## [To do]
Would you please return the lines of the material that contain the word "heavy"?

## [Data shown]

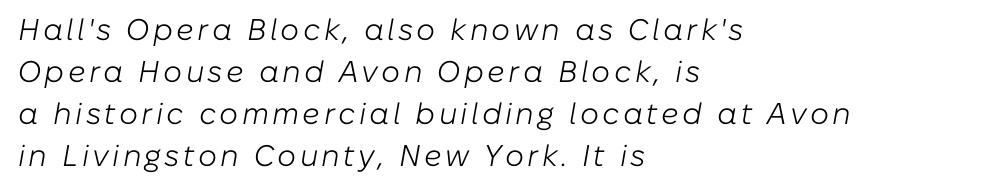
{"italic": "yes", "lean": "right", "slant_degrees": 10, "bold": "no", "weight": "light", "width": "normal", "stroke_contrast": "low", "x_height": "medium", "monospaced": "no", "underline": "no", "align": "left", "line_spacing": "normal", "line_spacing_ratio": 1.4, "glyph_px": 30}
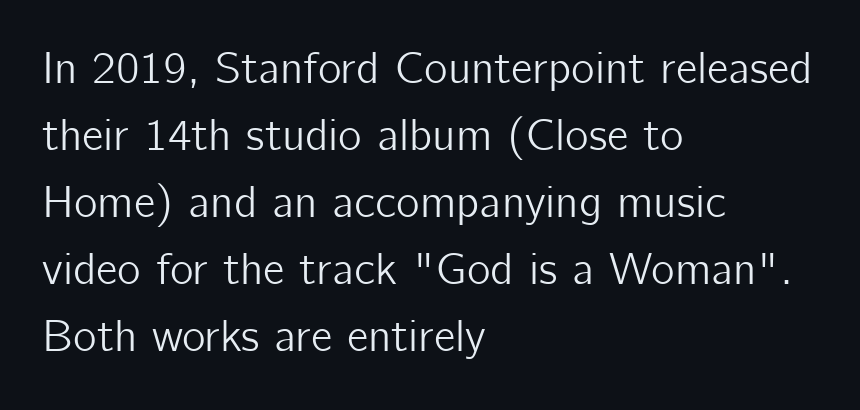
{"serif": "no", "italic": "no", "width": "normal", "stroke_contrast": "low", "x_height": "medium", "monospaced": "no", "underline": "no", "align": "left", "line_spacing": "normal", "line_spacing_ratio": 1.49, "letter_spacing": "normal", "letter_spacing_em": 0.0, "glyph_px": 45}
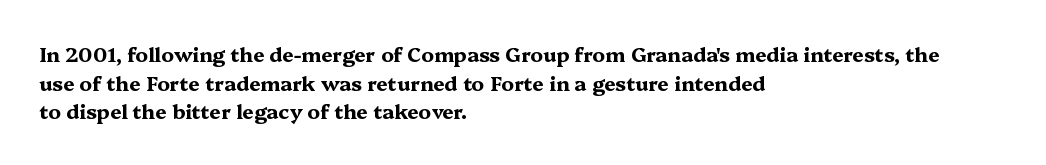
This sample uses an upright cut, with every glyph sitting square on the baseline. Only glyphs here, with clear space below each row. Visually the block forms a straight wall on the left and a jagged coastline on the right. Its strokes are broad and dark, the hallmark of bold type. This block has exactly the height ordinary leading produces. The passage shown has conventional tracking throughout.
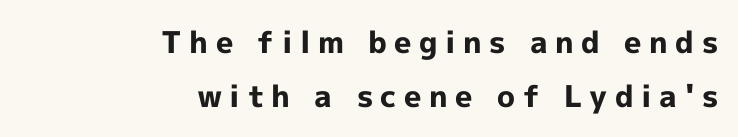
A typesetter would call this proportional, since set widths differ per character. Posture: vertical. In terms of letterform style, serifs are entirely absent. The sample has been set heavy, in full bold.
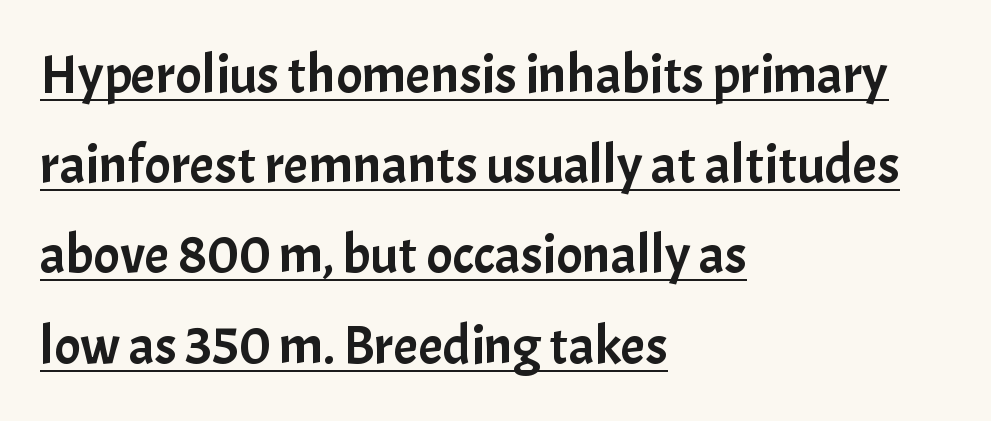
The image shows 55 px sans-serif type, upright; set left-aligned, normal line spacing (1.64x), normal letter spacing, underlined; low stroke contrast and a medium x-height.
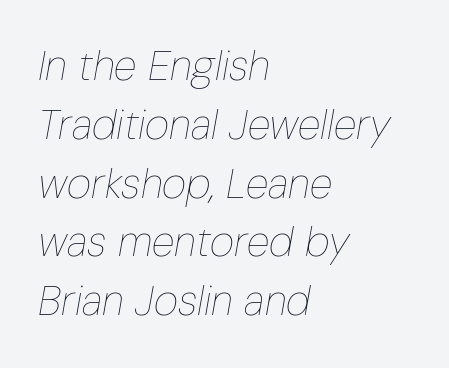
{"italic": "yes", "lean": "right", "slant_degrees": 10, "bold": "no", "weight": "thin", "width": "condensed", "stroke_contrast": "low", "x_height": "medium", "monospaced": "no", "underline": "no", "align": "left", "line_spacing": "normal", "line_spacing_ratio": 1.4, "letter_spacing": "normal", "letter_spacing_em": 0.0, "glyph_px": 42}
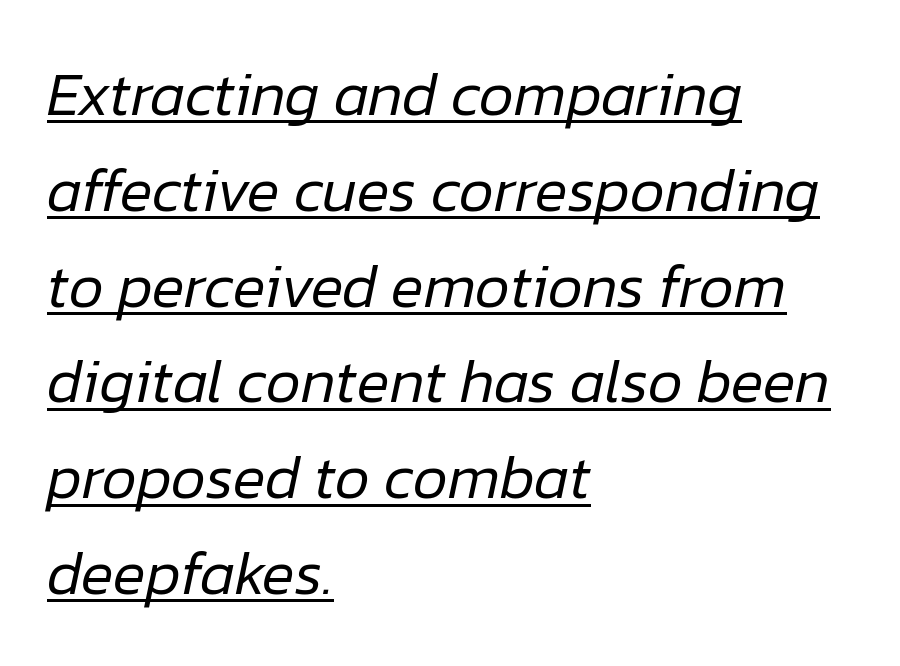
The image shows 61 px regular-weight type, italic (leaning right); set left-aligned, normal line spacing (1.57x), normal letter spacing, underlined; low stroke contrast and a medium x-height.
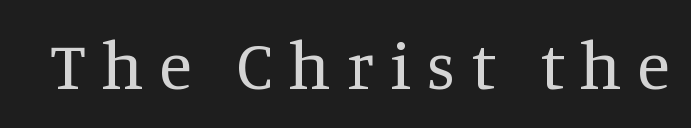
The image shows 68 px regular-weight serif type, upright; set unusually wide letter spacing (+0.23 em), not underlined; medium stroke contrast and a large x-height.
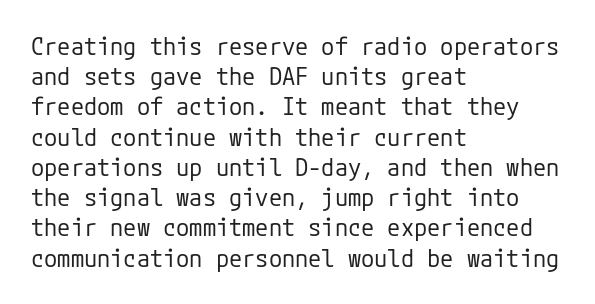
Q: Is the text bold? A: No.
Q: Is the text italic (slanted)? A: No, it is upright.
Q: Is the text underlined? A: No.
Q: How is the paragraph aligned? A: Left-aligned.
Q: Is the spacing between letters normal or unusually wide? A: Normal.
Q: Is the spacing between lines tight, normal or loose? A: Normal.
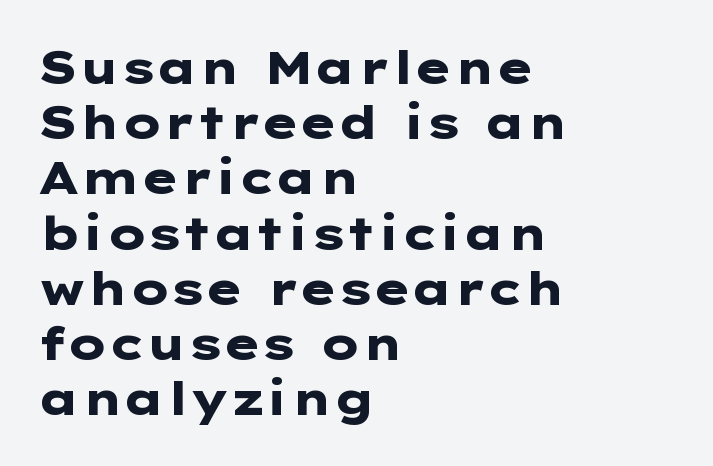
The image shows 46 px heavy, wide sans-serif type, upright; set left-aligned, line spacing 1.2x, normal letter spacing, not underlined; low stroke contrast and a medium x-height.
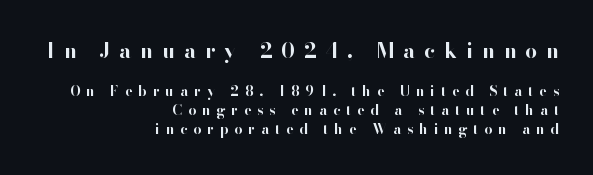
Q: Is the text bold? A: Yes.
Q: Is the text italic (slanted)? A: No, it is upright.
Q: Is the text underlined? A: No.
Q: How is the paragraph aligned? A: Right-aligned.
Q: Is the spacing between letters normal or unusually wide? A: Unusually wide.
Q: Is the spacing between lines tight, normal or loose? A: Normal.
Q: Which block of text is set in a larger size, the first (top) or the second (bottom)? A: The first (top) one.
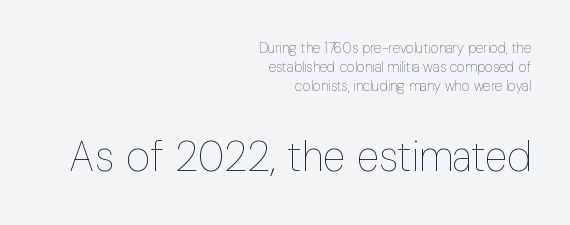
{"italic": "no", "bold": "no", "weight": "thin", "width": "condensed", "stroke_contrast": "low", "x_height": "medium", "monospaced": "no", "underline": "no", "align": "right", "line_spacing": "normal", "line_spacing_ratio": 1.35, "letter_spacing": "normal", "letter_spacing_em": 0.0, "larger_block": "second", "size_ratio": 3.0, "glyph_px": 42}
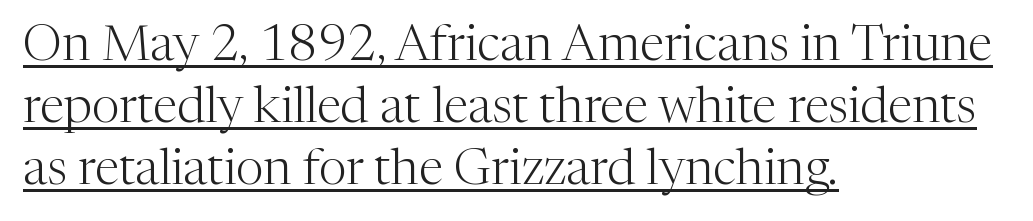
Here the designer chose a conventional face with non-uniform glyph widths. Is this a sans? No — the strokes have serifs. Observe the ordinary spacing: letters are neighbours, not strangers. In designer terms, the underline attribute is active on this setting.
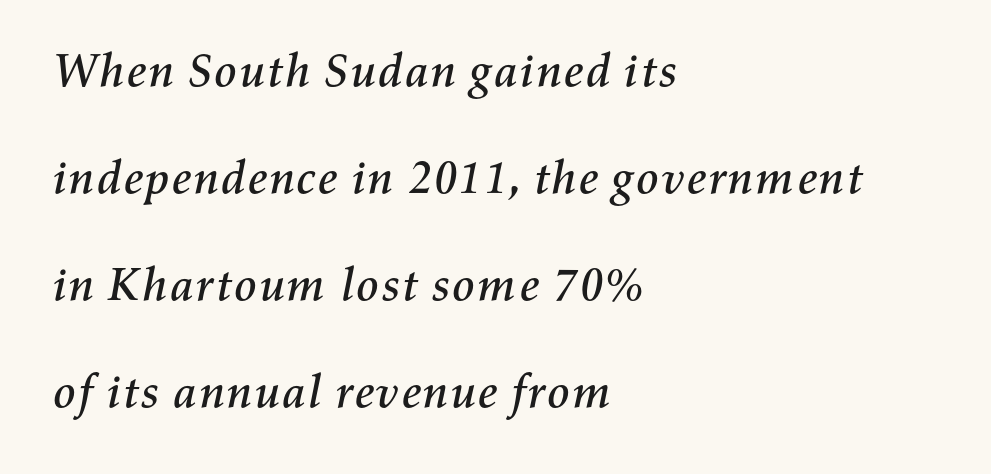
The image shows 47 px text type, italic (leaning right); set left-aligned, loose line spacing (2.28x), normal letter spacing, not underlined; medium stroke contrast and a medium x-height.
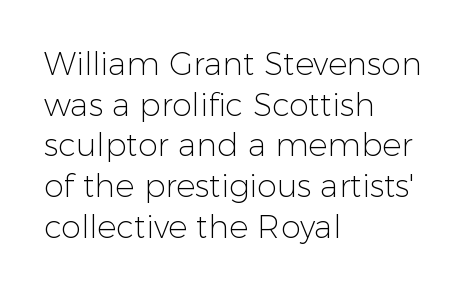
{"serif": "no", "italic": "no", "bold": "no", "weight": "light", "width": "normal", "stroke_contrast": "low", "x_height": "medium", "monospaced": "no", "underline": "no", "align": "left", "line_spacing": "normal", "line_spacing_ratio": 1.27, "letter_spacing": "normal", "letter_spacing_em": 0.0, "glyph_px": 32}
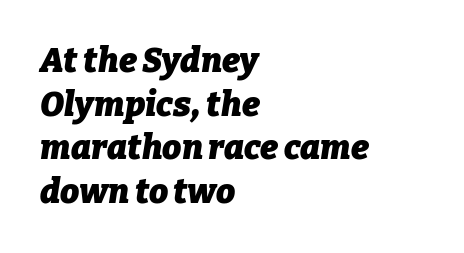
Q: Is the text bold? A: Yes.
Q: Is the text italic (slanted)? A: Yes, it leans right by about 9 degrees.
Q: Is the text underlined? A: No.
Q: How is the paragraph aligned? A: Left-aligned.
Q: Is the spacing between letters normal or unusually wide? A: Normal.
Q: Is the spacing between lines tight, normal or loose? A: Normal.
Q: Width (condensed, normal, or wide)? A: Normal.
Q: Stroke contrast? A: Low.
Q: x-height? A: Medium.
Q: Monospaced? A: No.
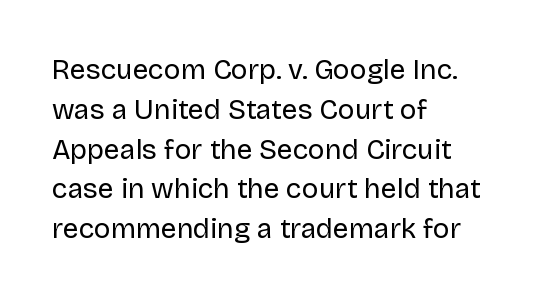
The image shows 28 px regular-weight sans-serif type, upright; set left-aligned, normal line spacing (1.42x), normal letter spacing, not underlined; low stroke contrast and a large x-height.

## [Expected output]
A typesetter would call this proportional, since set widths differ per character. Posture: vertical. In terms of letterform style, serifs are entirely absent. The sample has been set heavy, in full bold.
The image shows 46 px heavy, wide sans-serif type, upright; set left-aligned, line spacing 1.2x, normal letter spacing, not underlined; low stroke contrast and a medium x-height.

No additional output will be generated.